By and large, we expect to pay taxes, elect politicians, and abide by the laws of the day. In return we expect governments to deliver the services we want. Things like easy access to good quality education, inexpensive medical services, reliable water, transport, and help when floods or fires affect our communities.
Which are all made more challenging by a simple fact – many Australians have chosen to live in places which are difficult and expensive to service.
Areas of incredibly low population density cover huge portions of Queensland, the Northern Territory, Western Australia and South Australia. Providing any level of service to citizens living in these low density areas can be disastrous for government budgets, and private businesses have little incentive to operate in these areas without government intervention.
So while geography poses many challenges today, understanding the future cost of delivering government services requires public sector leaders to project where Australia is heading demographically.
Today roughly 64% of our entire population live in the state capital cities, and that proportion has been stable since 1976. The working age population of 15-64 year olds makes up a roughly stable 67.0% of the total population.
The official population projections put together by the Australian Bureau of Statistics show an expanding population which is aging rapidly. The age group projected to grow fastest is the one for people over 85 years of age. The projections are based on assumptions of significant immigration and birth rates, and there is no reason yet to believe the projections are flawed.
Life expectancy is the reason public sector budgets will face disaster, as Australian life expectancy is projected to be 85 years for men and 88 years for women by 2056.
So without a massive increase in immigration levels, our available workforce will shrink significantly as a proportion of the population, and the elderly will start to dominate the economy.
The ABS is effectively projecting that Australia will soon be facing the same disastrous stagnation that has crippled Japan for the last 10 years.
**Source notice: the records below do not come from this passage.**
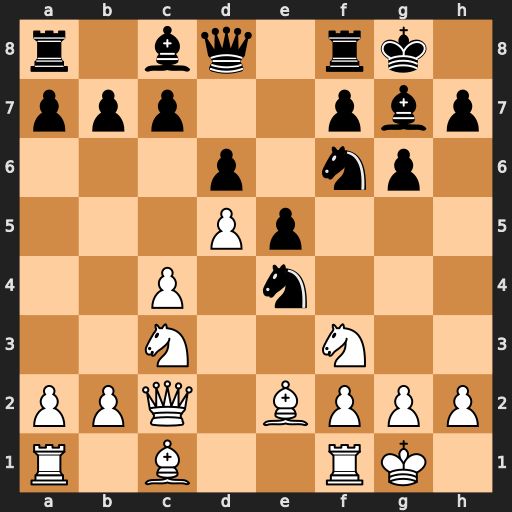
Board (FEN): r1bq1rk1/ppp2pbp/3p1np1/3Pp3/2P1n3/2N2N2/PPQ1BPPP/R1B2RK1
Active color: w
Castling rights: -
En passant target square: -
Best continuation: Nxe4 Nxe4 Qxe4
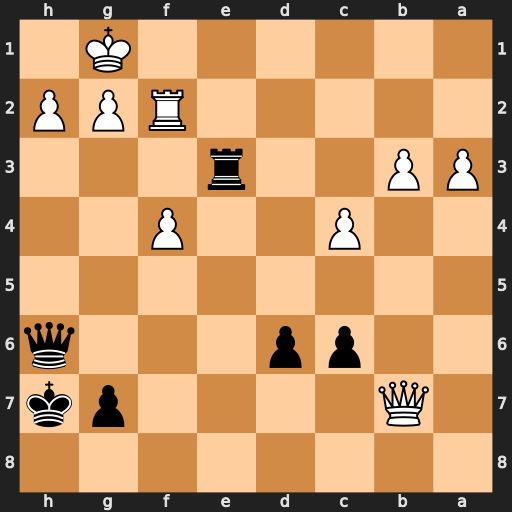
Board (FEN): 8/1Q4pk/2pp3q/8/2P2P2/PP2r3/5RPP/6K1
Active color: b
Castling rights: -
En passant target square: -
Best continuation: Re1+ Rf1 Qe6 g3 Qe3+
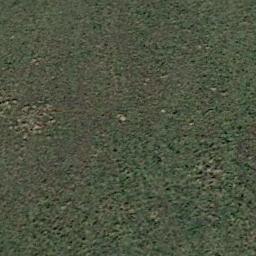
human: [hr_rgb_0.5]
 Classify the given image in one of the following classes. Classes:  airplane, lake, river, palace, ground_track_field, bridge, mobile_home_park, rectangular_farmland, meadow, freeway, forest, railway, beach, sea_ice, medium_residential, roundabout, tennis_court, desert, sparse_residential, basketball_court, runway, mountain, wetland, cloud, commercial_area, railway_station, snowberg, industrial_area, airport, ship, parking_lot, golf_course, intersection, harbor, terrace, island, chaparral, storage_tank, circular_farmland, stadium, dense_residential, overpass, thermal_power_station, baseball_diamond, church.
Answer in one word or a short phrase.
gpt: meadow
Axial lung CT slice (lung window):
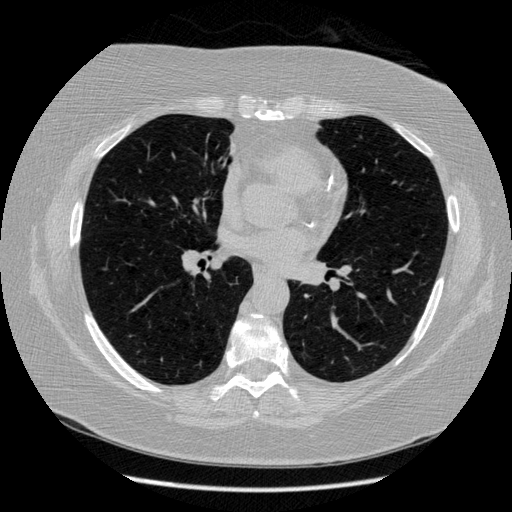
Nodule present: no

An economy faced with a shrinking workforce, rising demand for government assistance, and shrinking consumer spending.
European economies are currently projected to face even worse demographic shifts over the same timeframes.
Queensland is effectively ground zero for the demographic disaster facing the Australian public sector. Queensland not only has a very rapidly aging population, it already has very high concentrations of the elderly in the regional areas surrounding Brisbane.
The median age in Queensland has jumped significantly in the last 10 years, and is now 36.6 years. To put that into context, New South Wales has a median age of 37.7 years, and agribusiness dominated Tasmania now has the highest median age of 40.4 years.
While Queensland has for many years benefitted significantly from net migration from other states, the bulk of those interstate migrants have been settling in the south east corner of the state. Within Queensland itself, a large proportion of young people already relocate to find work and education opportunities, with many migrating to the greater Brisbane area. These workforce age people could just as easily relocate interstate.
This clustering of the elderly will of course help the Queensland government to achieve some economies of scale, and offer the potential for significant private sector participation in service delivery. It will be counterbalanced by the need to also deliver services to communities located in sparsely populated areas, where in many cases the elderly could soon make up the largest group in the electorate.
While the adoption of shared services models and one-stop shops is quite fashionable at the moment amongst public sector leaders, they are just the tip of the iceberg of the changes needed to cope with the demographic challenges of the future.
New technologies will clearly help, with high speed Internet services offering the possibility of long term reductions in service delivery costs in regional and remote areas. The potential for savings does however depend on a willingness to invest substantially, shutting down large parts of the “branch office” network, and for consumers to adopt “self-service” models and online service delivery.
Government needs to go through the same transition that banking did in the 80s and 90s, which saw the large scale closure of branches, and the shift to ATMs and online transactions.
I think it is a very safe bet that politicians in regional areas and the usual cast of lobbyists will ensure that these changes will not happen quickly, or easily – regardless of the political stripes of the governments involved.
This map of employment demographics illustrates why Queensland will face intense challenges. There are many regional electorates where direct government employment makes up a huge proportion of the total workforce, and government wages and welfare are the basis for much of the economic activity in an electorate’s economy.
Poorly implemented public sector efficiency measures could potentially remove an enormous segment of economic activity from those regional economies. Queensland is not the only state with these issues, but will be likely to suffer badly compared to other parts of the country.
Public sector leaders have to work within the constraints placed on them by politicians. Politics is supposed to be the art of compromise. It will be interesting to see whether politicians compromise their desire to improve public sector efficiency, when faced with the prospect of government job cuts within their own electorates.